Without a good importing tool (warning: the GSuite importing tools are shit), I recommend "imapsync":

https://github.com/imapsync/imapsync

After cloning the repository and installing the listed dependencies (some Perl packages available in your Brew / Ubuntu repository already), you can do:

    imapsync \
        --host1 imap.old.com \
        --user1 "old@email.com" \
        --password1 xxxxxxxxxxxxx \
        --ssl1 \
        --host2 imap.new.com \
        --user2 "new@email.com" \
        --password2 yyyyyyyyyyyyy \
        --ssl2 \
        --errorsmax 1000000 \
        --syncinternaldates \
        --useheader 'Message-Id' \
        --noreleasecheck \
        --noexpunge \
        --automap 
Works great for importing to and from Gmail, but you might want to add a folder rewrite for the Sent folder (with --f1f2).

But with FastMail, for those interested, the out of the box importing tools in their web interface work great, so no need for any command line tools.

I've used imapsync in the past to migrate thousands of mail accounts from and old decrepit IMAP environment (with some weird edge cases) to a shiny new IMAP based mail platform.

It's a hugely flexible and versatile tool and it's quite zippy as well, can highly recommend.

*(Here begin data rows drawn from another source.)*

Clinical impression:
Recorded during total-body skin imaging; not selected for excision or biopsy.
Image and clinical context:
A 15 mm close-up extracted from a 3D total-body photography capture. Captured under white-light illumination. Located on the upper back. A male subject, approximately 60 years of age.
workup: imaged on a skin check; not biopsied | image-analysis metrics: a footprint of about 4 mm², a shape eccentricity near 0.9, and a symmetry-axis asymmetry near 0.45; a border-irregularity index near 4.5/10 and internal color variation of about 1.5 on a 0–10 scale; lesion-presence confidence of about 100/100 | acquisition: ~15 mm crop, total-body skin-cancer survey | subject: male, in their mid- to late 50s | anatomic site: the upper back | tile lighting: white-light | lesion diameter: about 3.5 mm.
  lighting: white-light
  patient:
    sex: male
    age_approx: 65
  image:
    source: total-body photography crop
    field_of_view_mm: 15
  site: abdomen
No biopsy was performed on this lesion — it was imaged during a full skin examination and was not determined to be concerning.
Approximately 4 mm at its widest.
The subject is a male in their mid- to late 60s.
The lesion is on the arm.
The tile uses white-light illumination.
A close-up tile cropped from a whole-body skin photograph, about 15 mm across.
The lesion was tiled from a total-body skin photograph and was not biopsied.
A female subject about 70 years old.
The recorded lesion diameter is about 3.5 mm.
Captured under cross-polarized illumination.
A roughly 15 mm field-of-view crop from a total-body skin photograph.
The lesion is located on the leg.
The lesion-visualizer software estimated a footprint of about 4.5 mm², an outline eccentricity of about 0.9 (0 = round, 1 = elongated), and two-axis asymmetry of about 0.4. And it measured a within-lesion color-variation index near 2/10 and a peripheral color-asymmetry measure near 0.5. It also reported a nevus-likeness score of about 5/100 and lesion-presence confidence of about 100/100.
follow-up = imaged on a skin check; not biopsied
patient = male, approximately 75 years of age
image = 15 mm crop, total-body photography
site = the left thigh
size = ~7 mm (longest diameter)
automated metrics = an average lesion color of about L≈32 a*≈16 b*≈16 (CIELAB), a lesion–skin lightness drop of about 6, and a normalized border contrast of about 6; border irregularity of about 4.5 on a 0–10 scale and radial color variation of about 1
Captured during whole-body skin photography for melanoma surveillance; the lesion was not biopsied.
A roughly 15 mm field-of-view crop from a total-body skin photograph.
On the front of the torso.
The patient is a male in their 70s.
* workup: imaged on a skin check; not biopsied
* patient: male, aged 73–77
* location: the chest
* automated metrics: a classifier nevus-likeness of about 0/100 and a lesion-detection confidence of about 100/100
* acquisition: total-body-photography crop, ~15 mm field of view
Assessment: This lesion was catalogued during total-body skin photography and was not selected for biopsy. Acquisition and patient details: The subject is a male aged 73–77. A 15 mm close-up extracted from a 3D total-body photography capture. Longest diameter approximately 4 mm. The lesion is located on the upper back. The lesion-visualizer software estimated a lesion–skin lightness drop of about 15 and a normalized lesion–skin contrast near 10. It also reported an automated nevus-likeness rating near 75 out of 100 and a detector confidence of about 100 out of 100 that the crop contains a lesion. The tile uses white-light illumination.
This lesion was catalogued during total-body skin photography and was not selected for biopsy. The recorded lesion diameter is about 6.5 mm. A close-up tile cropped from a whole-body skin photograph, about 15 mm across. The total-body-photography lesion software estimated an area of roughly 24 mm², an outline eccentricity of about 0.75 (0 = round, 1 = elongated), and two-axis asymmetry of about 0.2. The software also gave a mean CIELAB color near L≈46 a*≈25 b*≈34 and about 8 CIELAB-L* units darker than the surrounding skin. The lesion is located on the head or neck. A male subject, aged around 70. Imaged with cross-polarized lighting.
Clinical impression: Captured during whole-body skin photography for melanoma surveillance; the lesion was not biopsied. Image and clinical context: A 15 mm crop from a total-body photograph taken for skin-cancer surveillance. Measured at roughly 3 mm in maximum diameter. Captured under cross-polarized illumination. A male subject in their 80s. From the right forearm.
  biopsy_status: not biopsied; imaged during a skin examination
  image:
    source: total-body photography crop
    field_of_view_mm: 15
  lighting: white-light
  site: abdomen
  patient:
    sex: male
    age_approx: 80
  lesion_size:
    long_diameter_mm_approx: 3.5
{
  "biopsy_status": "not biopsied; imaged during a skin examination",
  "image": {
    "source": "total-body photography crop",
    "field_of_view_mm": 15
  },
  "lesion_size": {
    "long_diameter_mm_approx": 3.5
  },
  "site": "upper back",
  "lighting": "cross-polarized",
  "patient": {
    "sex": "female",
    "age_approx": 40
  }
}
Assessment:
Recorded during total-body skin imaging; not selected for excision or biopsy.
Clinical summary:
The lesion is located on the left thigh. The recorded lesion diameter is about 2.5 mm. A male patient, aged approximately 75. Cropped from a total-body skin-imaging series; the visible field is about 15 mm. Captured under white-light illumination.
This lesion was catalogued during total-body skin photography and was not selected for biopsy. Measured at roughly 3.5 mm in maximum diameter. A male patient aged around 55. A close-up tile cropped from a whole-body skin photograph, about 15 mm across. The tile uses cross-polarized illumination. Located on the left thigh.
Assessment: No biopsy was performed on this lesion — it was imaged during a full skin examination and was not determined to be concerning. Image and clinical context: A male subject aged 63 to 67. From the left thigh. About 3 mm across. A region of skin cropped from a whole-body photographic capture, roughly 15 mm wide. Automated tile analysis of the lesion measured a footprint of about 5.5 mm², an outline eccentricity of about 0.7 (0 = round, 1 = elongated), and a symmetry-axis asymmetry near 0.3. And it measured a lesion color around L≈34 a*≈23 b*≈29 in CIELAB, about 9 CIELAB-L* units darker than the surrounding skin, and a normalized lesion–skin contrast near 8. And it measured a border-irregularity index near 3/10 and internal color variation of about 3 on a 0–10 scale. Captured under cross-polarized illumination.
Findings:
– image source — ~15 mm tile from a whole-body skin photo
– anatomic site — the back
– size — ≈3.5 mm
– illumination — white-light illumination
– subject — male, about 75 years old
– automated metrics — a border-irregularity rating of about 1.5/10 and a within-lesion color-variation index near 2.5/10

Effort, not money. As a Firefox/gmail user who routinely shits on Google, it's mostly the lock-in of any email address that keeps me coming back. I've actually opened a few paid accounts, but effort to switch is real. I gave up partly through switching over the dozens (100s?) of services that send me emails. I would never get to the point where all of my acquaintances and relatives actually use the new address.
Why not setup email forwarding and just wait a few years for people to get the message?
This is precisely what I have done and it's worked great. All services I use (and care about) I've changed to use service specific aliases now and it works fantastically well. Effort wise I'd say I spent probably a couple of days migrating some ten odd years of email from gmail, setting up domains etc. All in all, the migration itself was done within a week. Only maintenance I do on this setup now is send receipts to my accountant, and update credit card details when needed.